Activity:
Would you print out all of the data exactly and keep the pictures out of it?

(Records drawn from a dataset)

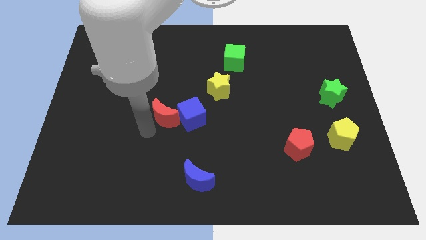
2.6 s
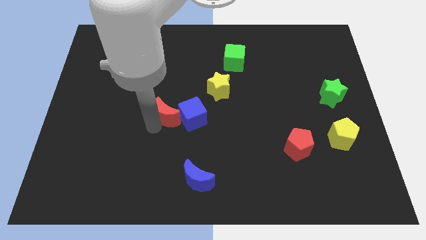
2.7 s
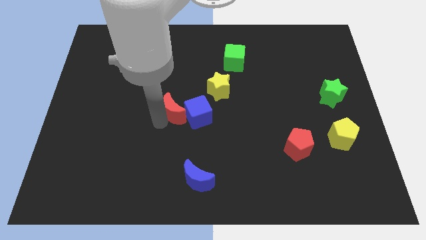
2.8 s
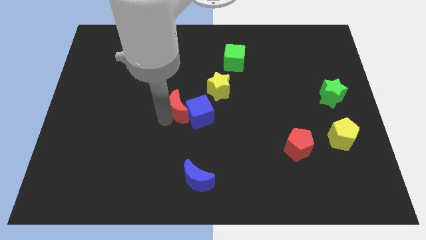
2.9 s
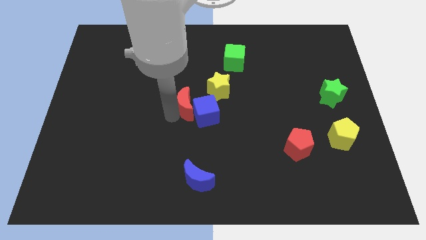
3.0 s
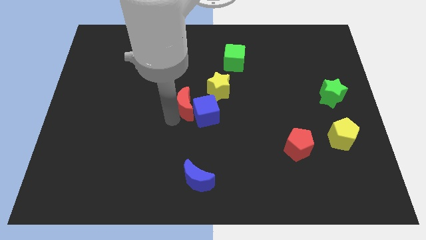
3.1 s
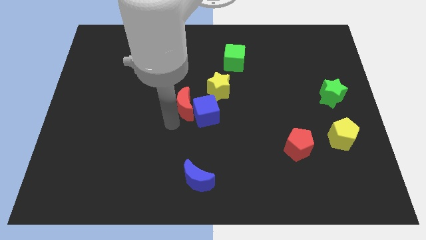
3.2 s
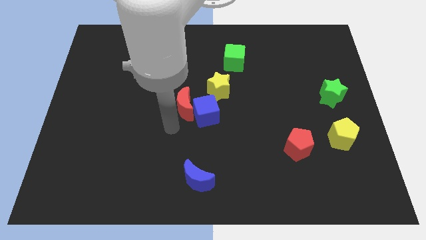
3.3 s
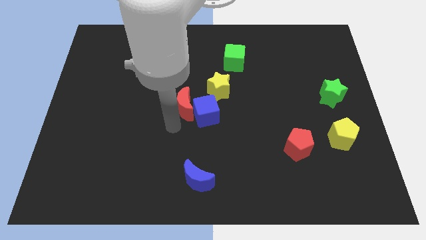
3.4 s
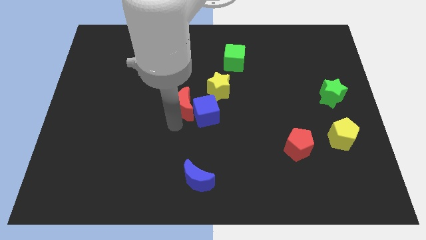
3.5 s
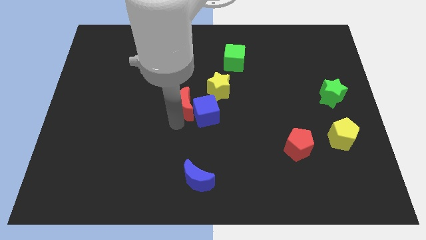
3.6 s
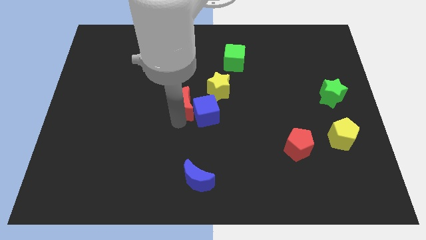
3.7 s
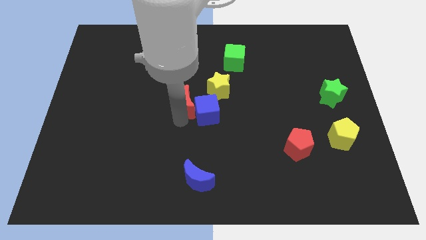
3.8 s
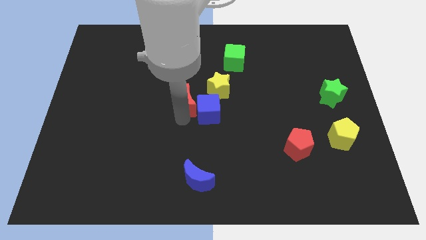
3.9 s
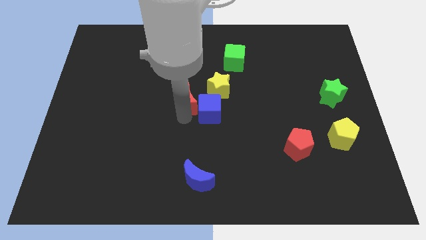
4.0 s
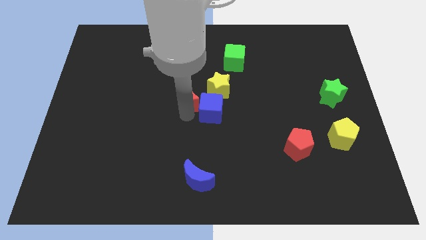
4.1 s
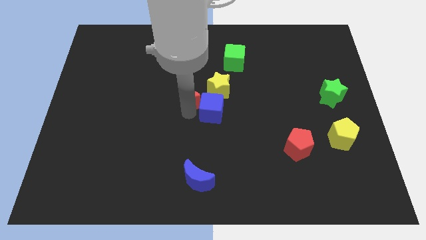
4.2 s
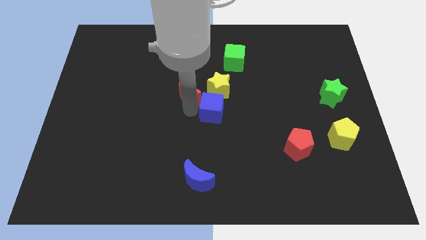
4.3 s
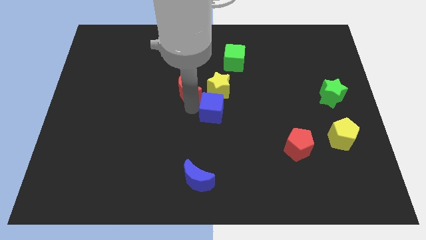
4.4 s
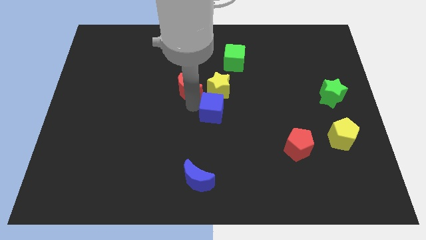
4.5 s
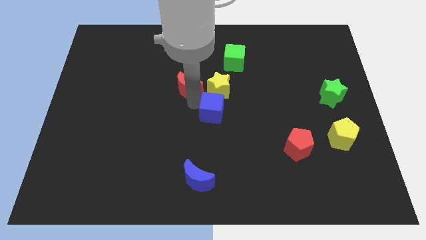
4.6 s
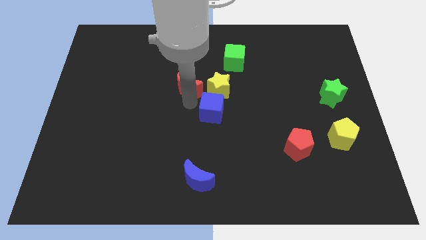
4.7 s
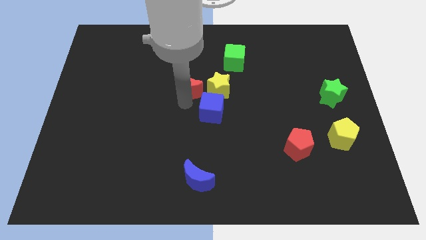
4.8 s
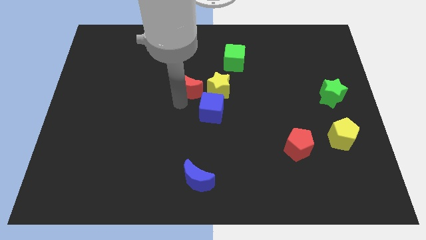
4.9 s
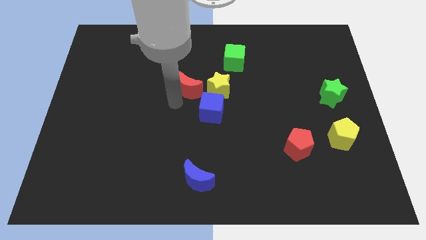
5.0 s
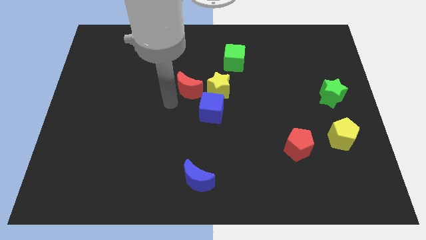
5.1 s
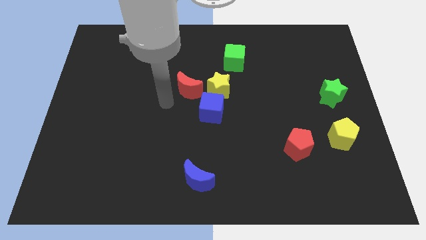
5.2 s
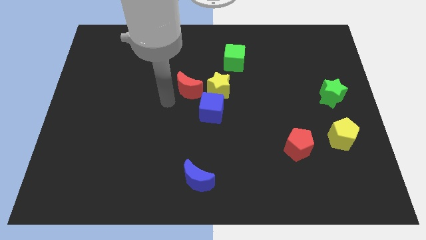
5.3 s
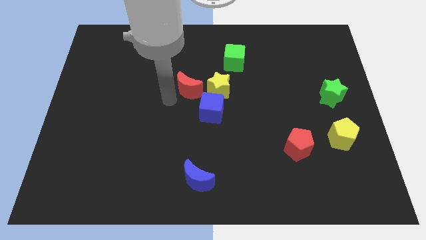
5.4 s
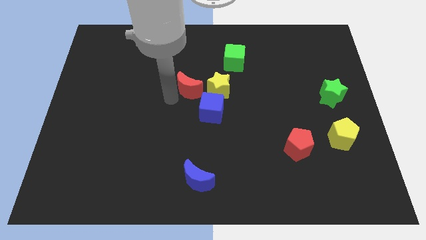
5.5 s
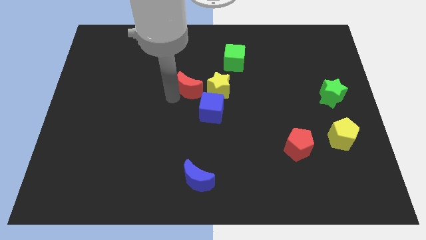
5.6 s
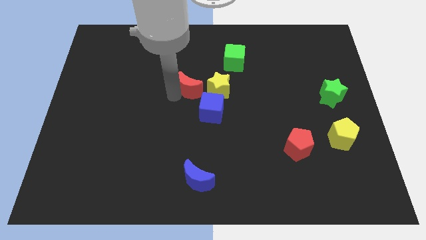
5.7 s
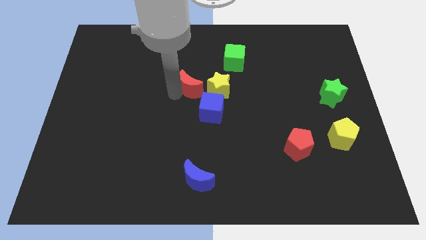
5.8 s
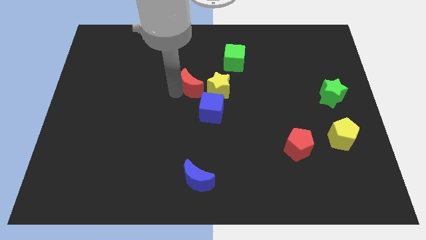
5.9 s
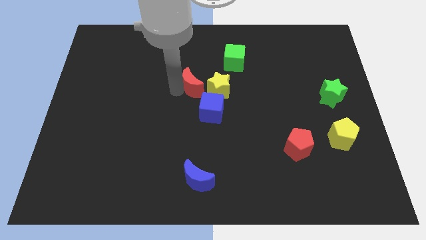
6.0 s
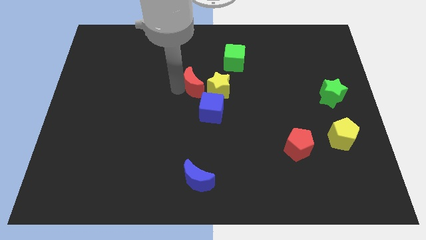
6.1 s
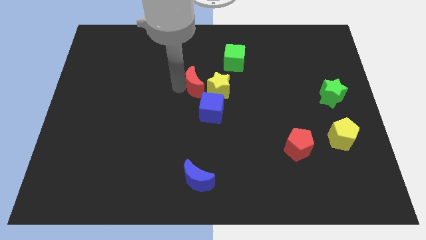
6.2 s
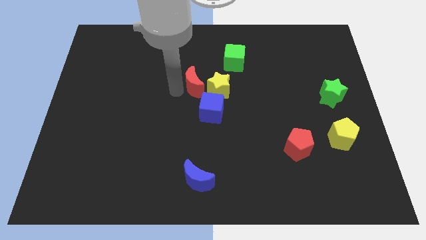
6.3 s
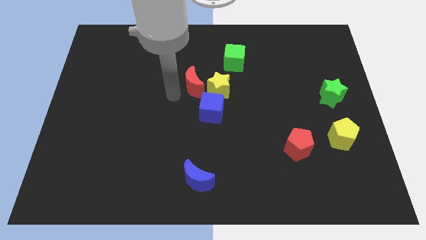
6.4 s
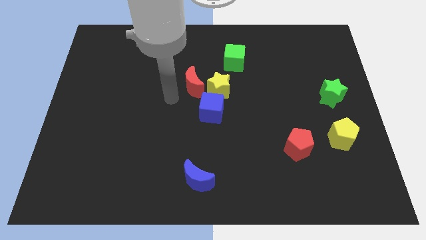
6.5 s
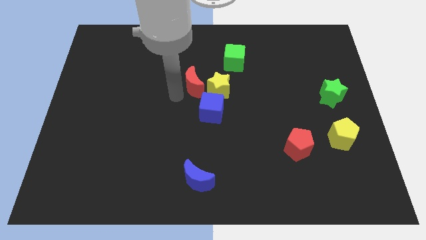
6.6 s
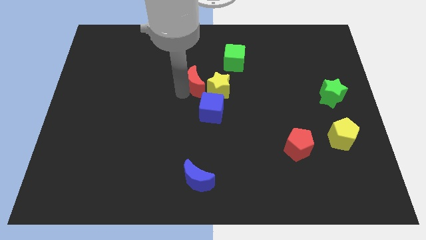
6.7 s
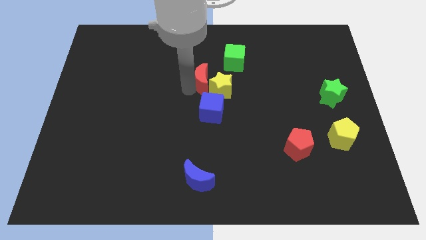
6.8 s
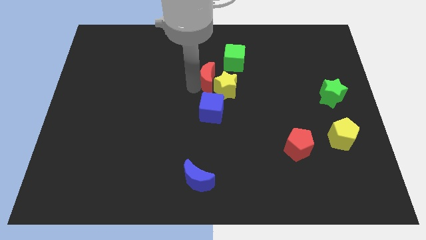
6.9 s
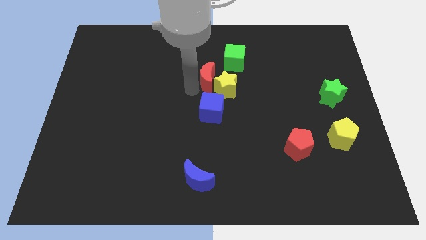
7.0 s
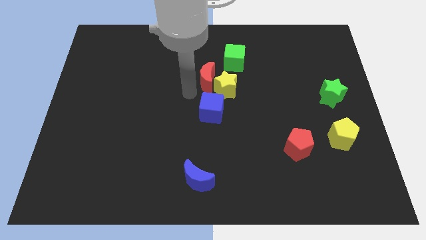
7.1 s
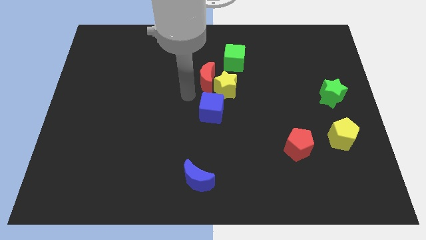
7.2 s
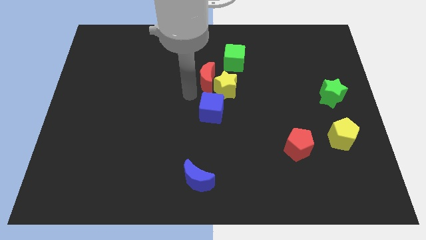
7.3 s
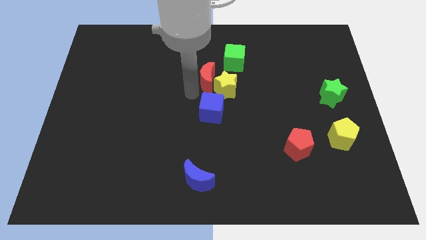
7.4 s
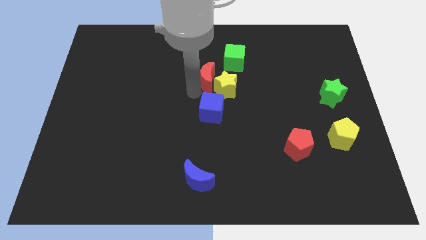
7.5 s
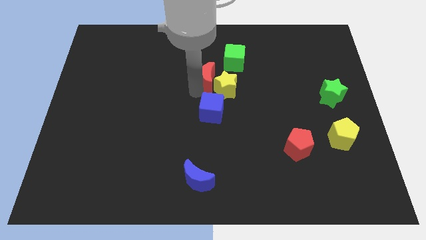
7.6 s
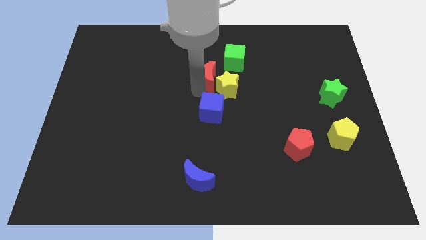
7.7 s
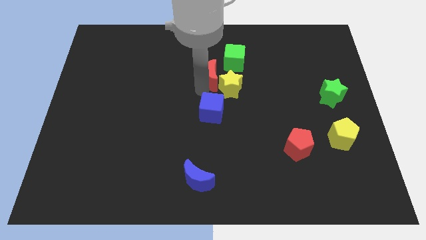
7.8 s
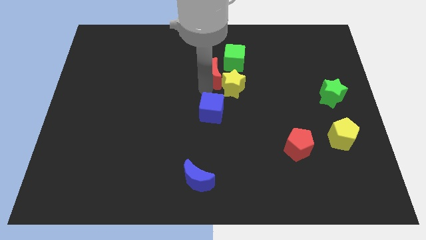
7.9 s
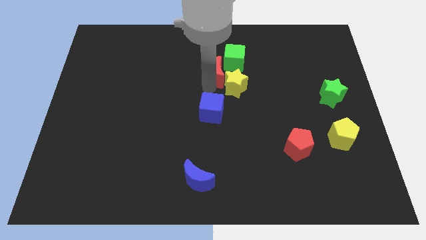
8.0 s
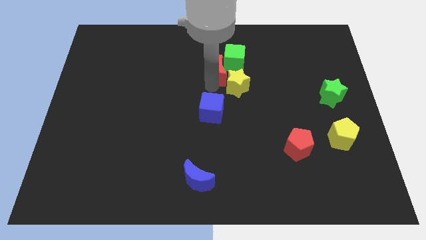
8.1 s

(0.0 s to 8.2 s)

Written response:
2.6 s
2.7 s
2.8 s
2.9 s
3.0 s
3.1 s
3.2 s
3.3 s
3.4 s
3.5 s
3.6 s
3.7 s
3.8 s
3.9 s
4.0 s
4.1 s
4.2 s
4.3 s
4.4 s
4.5 s
4.6 s
4.7 s
4.8 s
4.9 s
5.0 s
5.1 s
5.2 s
5.3 s
5.4 s
5.5 s
5.6 s
5.7 s
5.8 s
5.9 s
6.0 s
6.1 s
6.2 s
6.3 s
6.4 s
6.5 s
6.6 s
6.7 s
6.8 s
6.9 s
7.0 s
7.1 s
7.2 s
7.3 s
7.4 s
7.5 s
7.6 s
7.7 s
7.8 s
7.9 s
8.0 s
8.1 s

(0.0 s to 8.2 s)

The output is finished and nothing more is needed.